M-PHY
- Year created: 2011
- Created by: MIPI Alliance
- Supersedes: D-PHY
- Width in bits: 1–4 lanes, w/adaptive discovery (depending on higher-level protocol)
- Speed: up to 11.6 Gbit/s per data lane
- Style: serial, embedded clock
- External interface: yes, with optical media converter
- Website: https://mipi.org/specifications/m-phy

= M-PHY =

Data communications physical layer protocol

M-PHY is a high speed data communications physical layer protocol standard developed by the MIPI Alliance, PHY Working group, and targeted at the needs of mobile multimedia devices. The specification's details are proprietary to MIPI member organizations, but a substantial body of knowledge can be assembled from open sources. A number of industry standard settings bodies have incorporated M-PHY into their specifications including Mobile PCI Express, UniPro, Universal Flash Storage, and as the physical layer for SuperSpeed InterChip USB.

To support high speed, M-PHY is generally transmitted using differential signaling over impedance controlled traces between components. When use on a single circuit card, the use of electrical termination may be optional. Options to extend its range could include operation over a short flexible flat cable, and M-PHY was designed to support optical media converters allowing extended distance between transmitters and receivers, and reducing concerns with electromagnetic interference.

==Applications==

M-PHY (like its predecessor D-PHY) is intended to be used in high-speed point-to-point communications, for example video Camera Serial Interfaces. The CSI-2 interface was based on D-PHY (or C-PHY), while the newer CSI-3 interface is based on M-PHY. M-PHY was designed to supplant D-PHY in many applications, but this is expected to take a number of years.

The M-PHY the physical layer is also used in a number of different high-speed emergent industry standards, DigRF (High speed radio interface), MIPI LLI (Low latency memory interconnect for multi-processors systems), and one possible physical layer for the UniPro protocol stack.

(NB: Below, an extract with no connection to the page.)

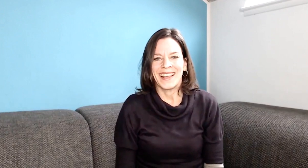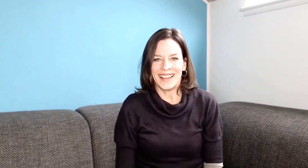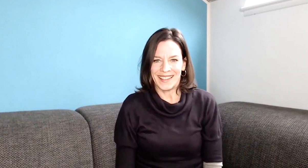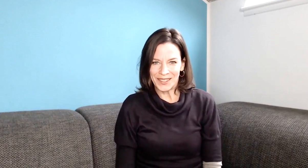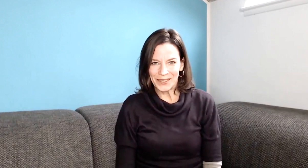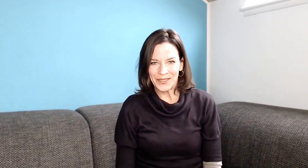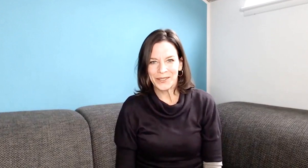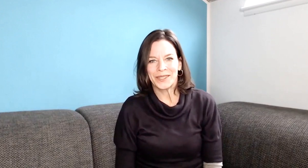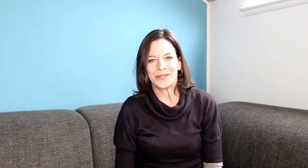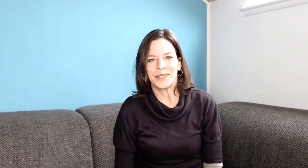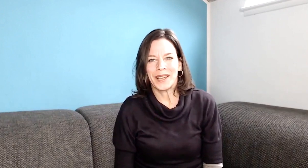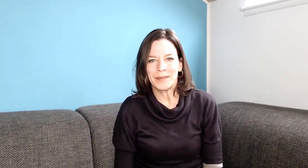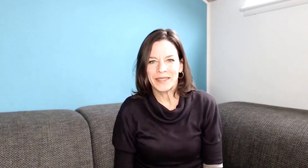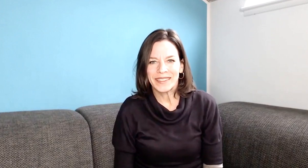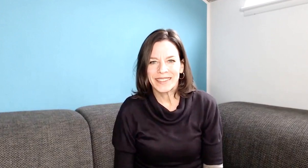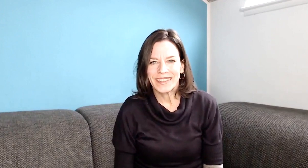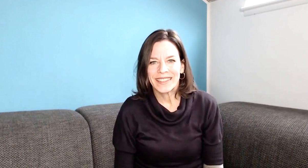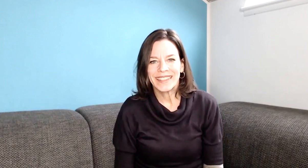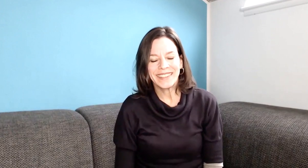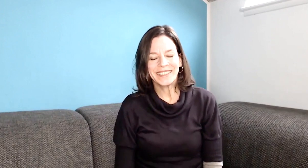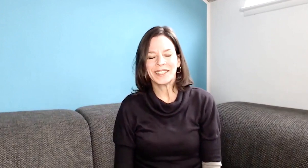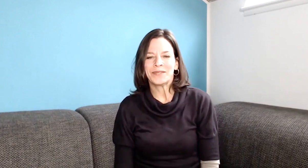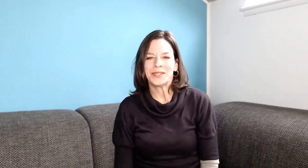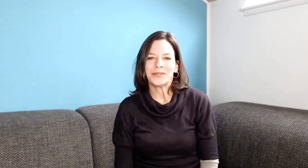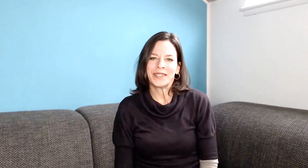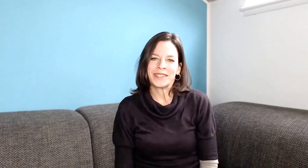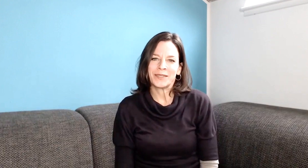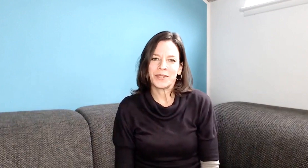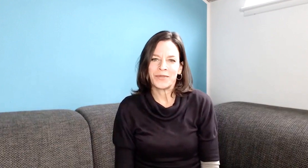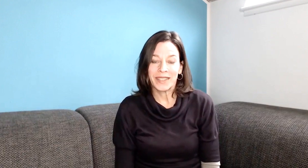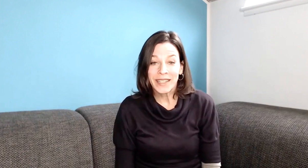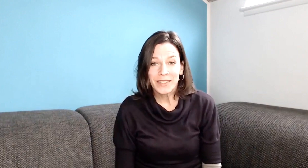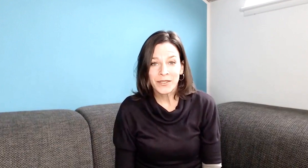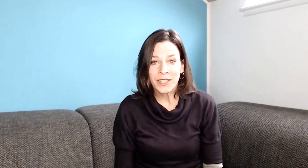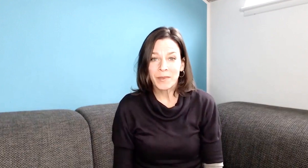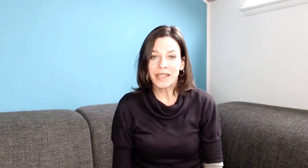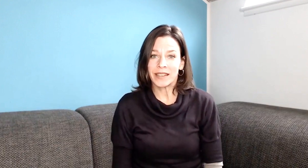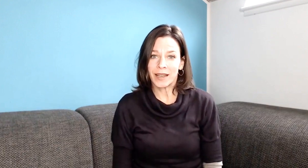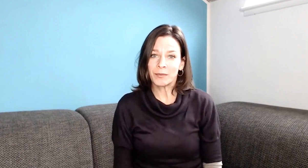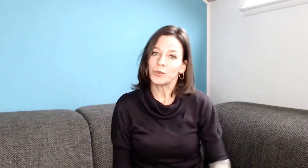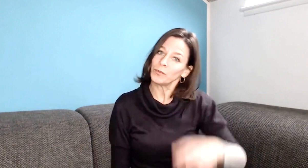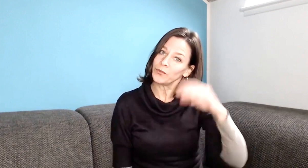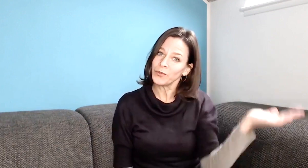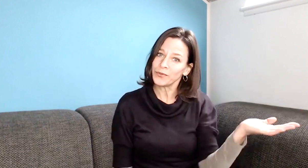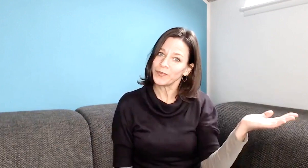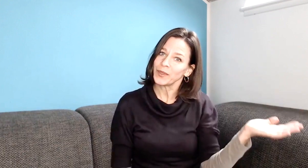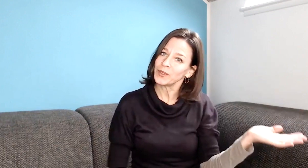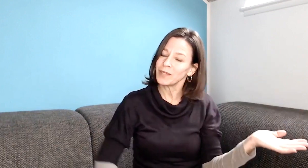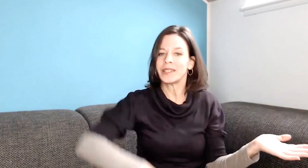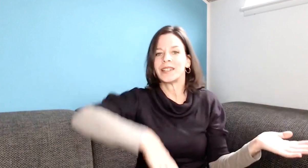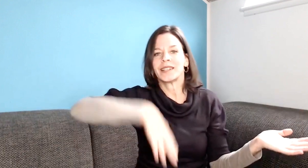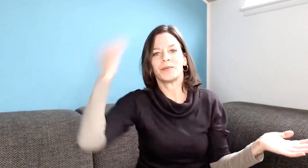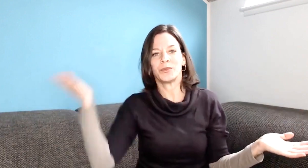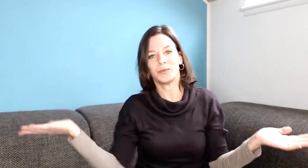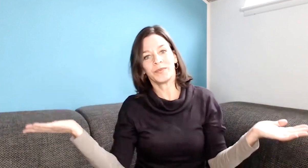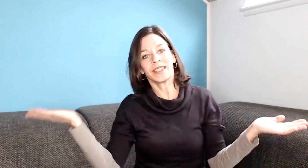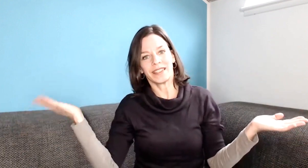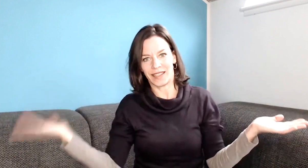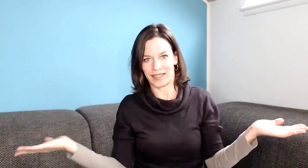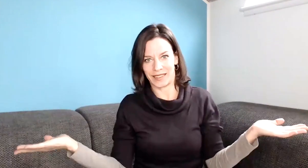Hallo, schön, dass du da bist. In diesem Video geht es um den Vergleich zwischen dem Enneagramm Typen 5 und dem Enneagramm Typen 6.
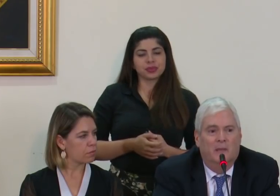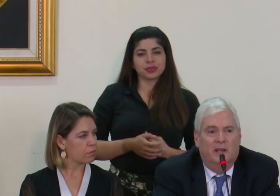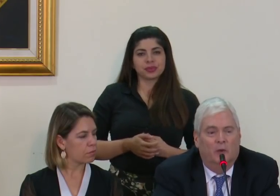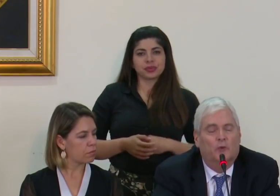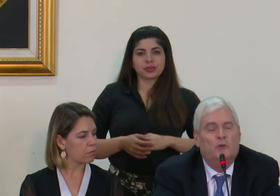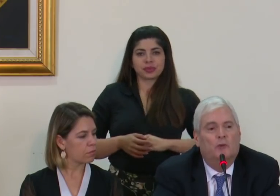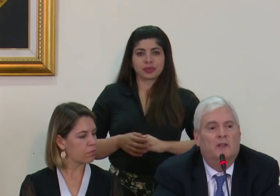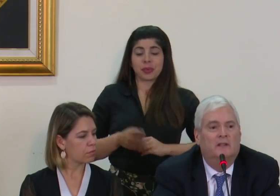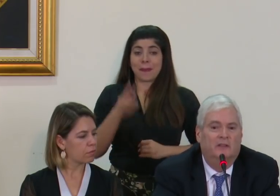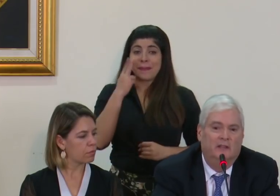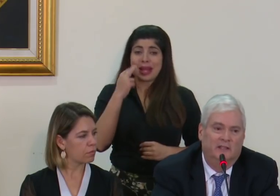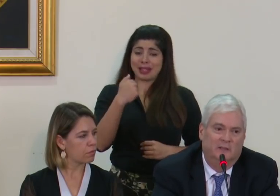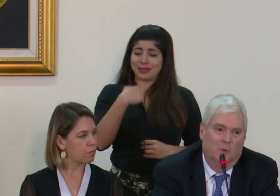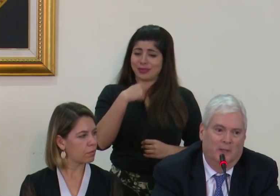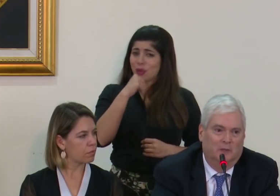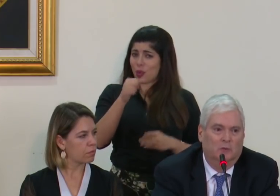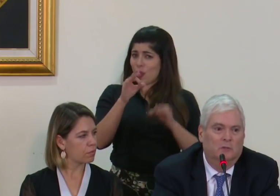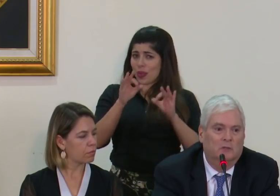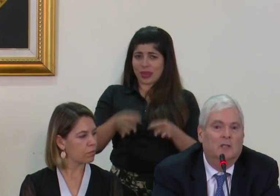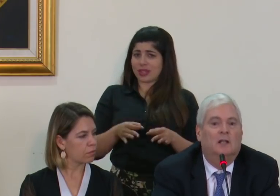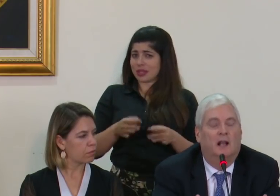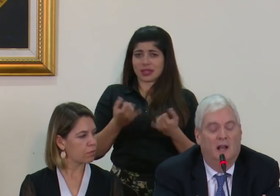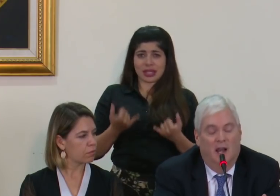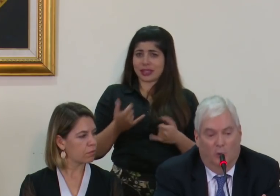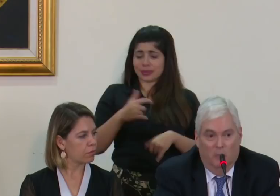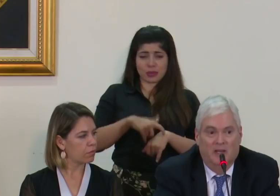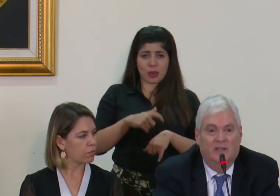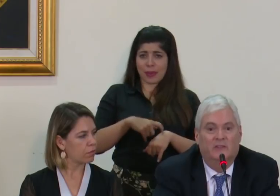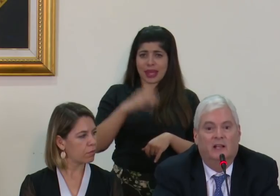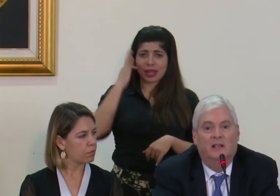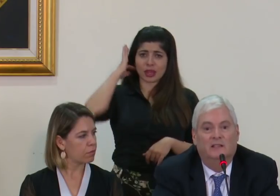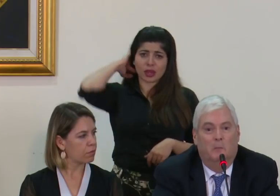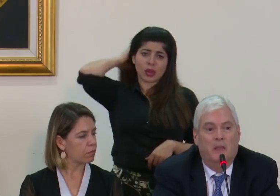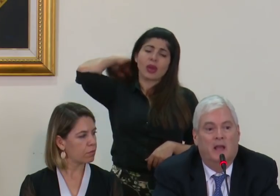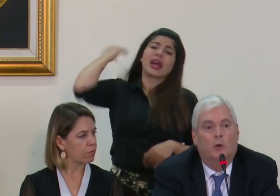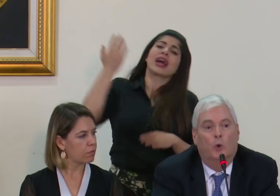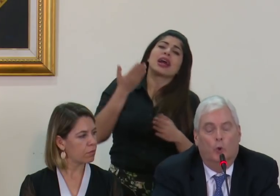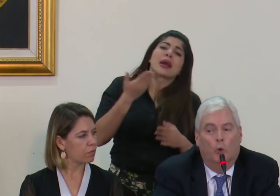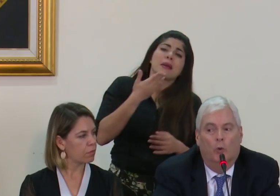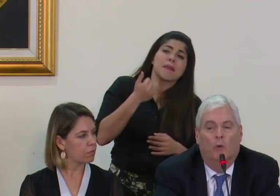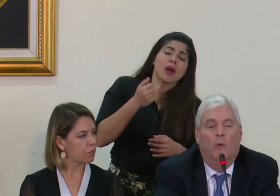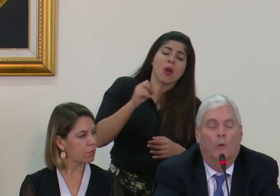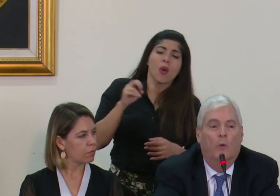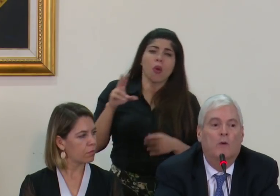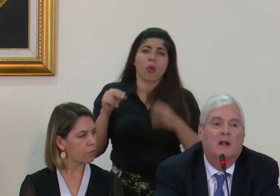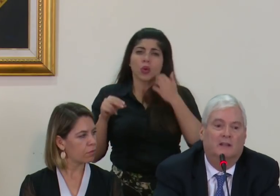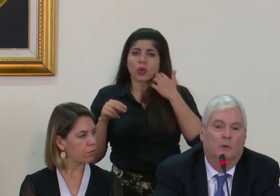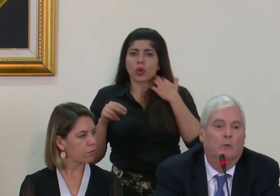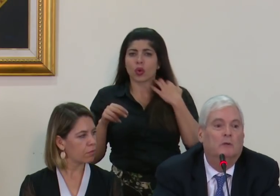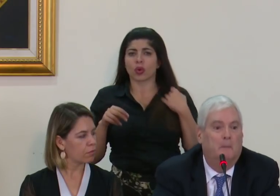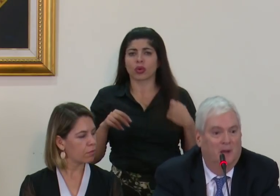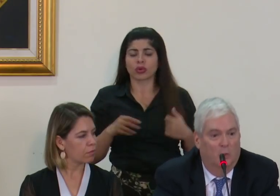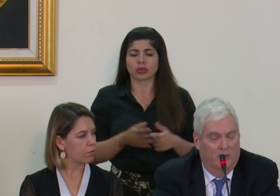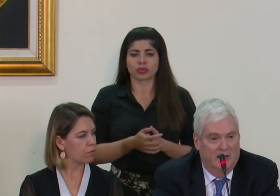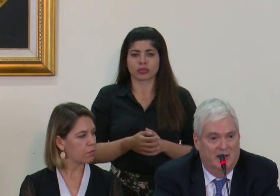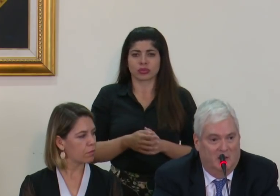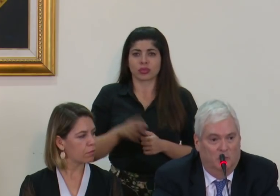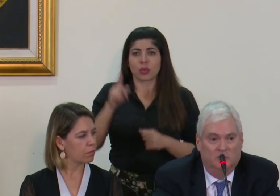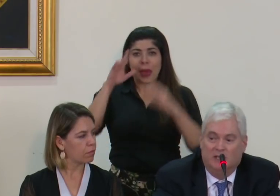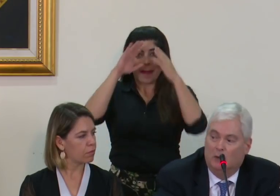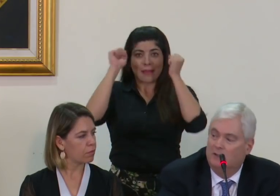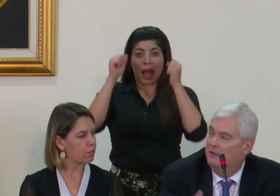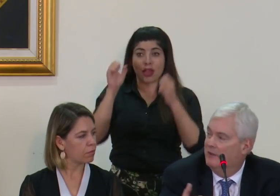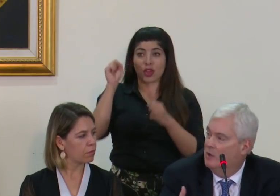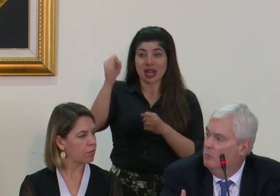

==Signaling speed and gears==
M-PHY supports a scalable variety of signaling speeds, ranging from 10 kbit/s to over 11.6 Gbit/s per lane. This is accomplished using two different major signaling/speed modes, a simple low-speed (using PWM) mode and high speed (using 8b10b). Communications goes on in bursts, and the design of both high-speed and low-speed forms allows for extended periods of idle communications at low-power, making the design particularly suitable for mobile devices.

Within each signaling method, a number of standard speeds, known as "gears", is defined, with the expectation that additional gears will be defined in future versions of the standard.